Note that there is also a short thread in the archivematica-tech group documenting an equivalent normalization rule using the headless libreoffice.
https://groups.google.com/d/topic/archivematica-tech/onaG67k3ADY/discussion
This wasn't immediately obvious to me, so for anyone else trying this I'll point out that the script linked above needs to be added as a normalization command in the FPR (with the relevant packages installed). The normalization itself working for me although I'm currently getting a verification error; I don't know if something needs to be adjusted in the script or if something is incorrect in the way I've configured the rule.

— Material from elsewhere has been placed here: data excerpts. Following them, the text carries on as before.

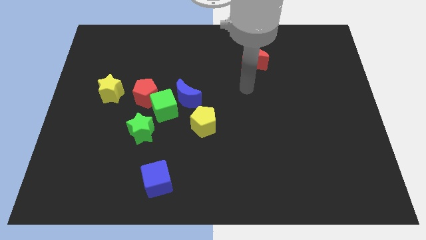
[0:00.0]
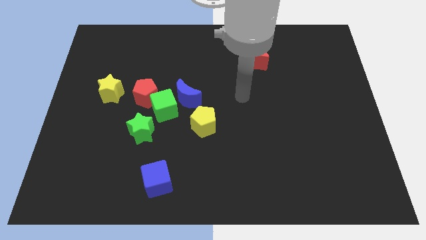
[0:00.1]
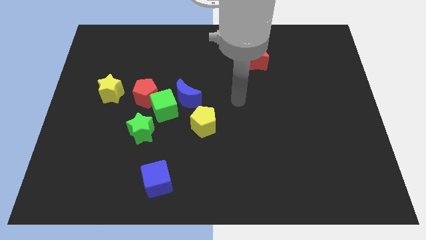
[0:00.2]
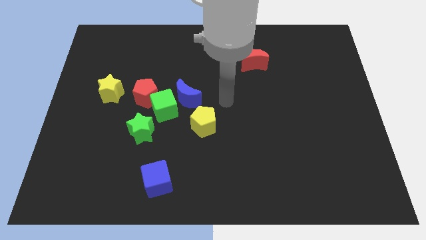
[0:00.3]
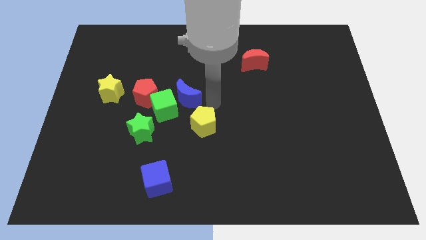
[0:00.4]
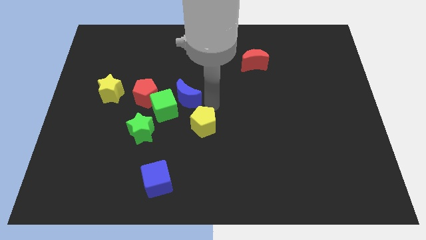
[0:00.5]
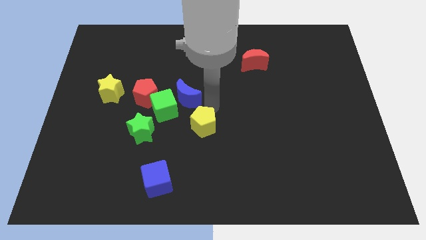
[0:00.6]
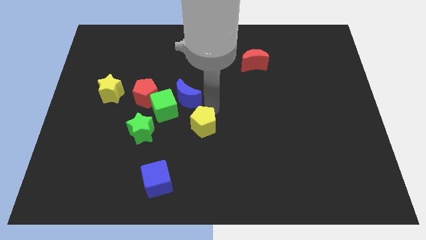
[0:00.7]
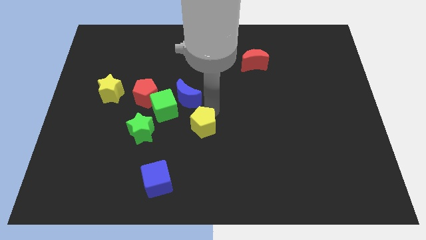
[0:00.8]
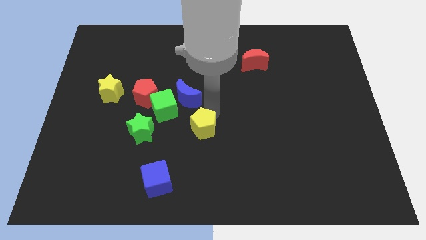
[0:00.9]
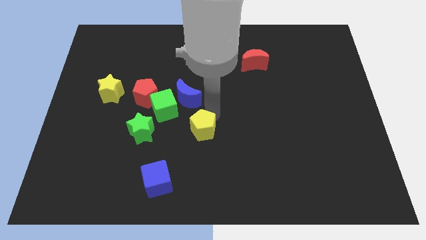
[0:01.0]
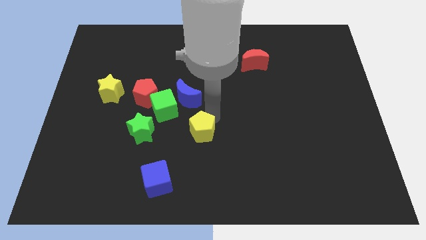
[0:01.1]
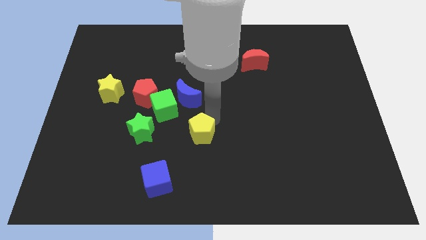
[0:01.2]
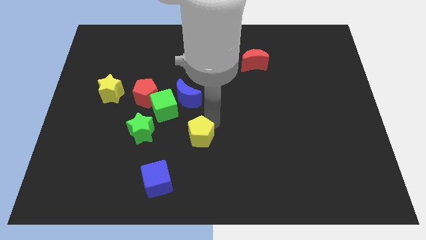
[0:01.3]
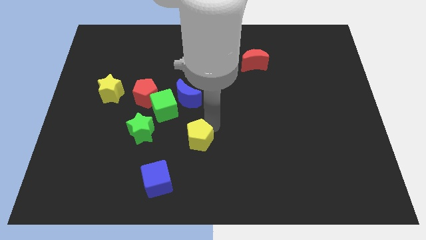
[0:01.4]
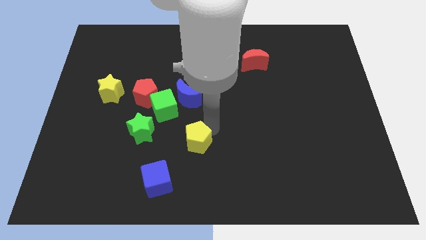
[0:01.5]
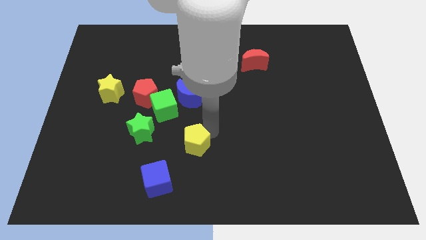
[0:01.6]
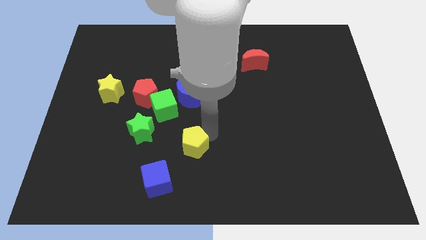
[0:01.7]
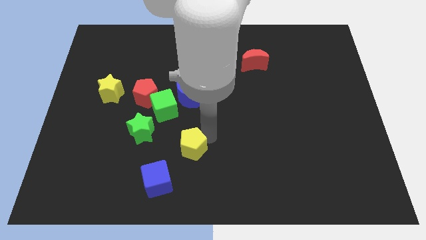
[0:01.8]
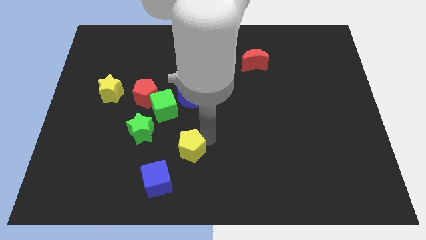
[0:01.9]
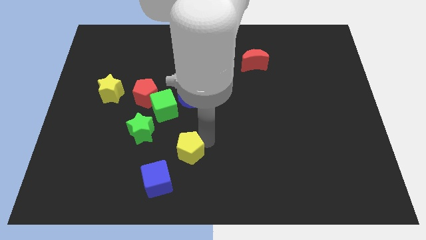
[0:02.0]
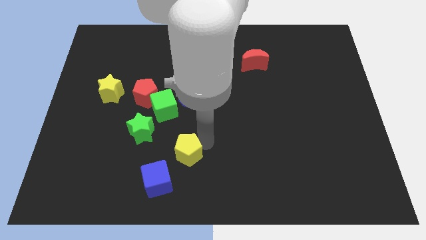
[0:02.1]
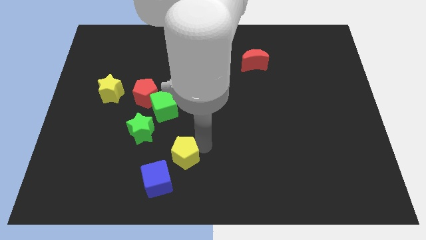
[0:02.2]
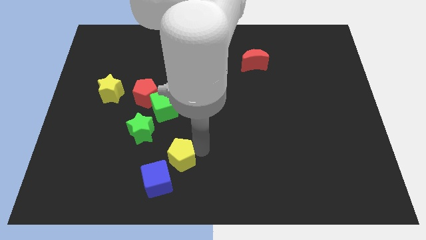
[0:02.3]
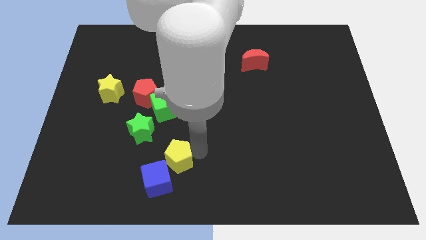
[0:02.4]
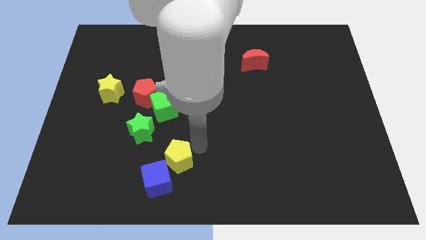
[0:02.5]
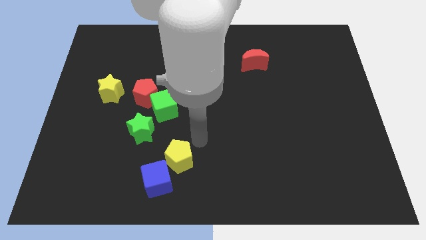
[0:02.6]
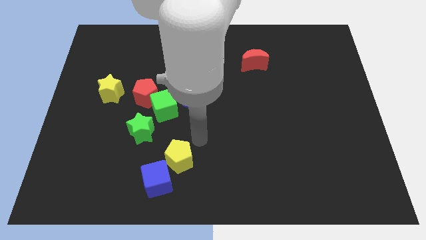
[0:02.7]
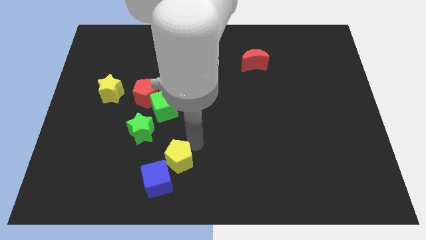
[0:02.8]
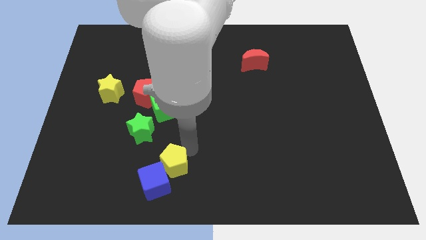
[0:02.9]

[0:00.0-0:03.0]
push the yellow pentagon close to the blue cube

After some testing, I'm coming around to the view that having this as a default normalization rule for office documents would be worthwhile - you can always do manual normalization instead. In the spirit of "good enough" preservation ... the current alternative is to do nothing (and of course you still have the original).
I think the spacing issue is largely due to fonts (even if the Windows fonts are loaded), although it's not bad. Footnotes seem to be implemented with the LibreOffice default - roman numerals for endnotes; and the page number location also changes. The main problems I've come across are with older WordPerfect and Word formats:
- Word for DOS 5.x - via Archivematica (i.e. on linux), the headers and footers are garbled. I.e. more than an encoding problem, it's bringing in the document signature, stylesheet reference etc. On Windows these files are handled quite well, including with the command line. I'm assuming there's an input filter that could be used but so far I haven't had any luck.
- WordPerfect 4.2 - different encoding was used for (e.g.) line spacing, hyphens, centering. The hyphen is perhaps most problematic for readability... In this case the Windows version of LibreOffice has the same limitation. The WordPerfect 4.2 spec is documented, so in theory this could be improved through the LibreOffice libraries.
Tim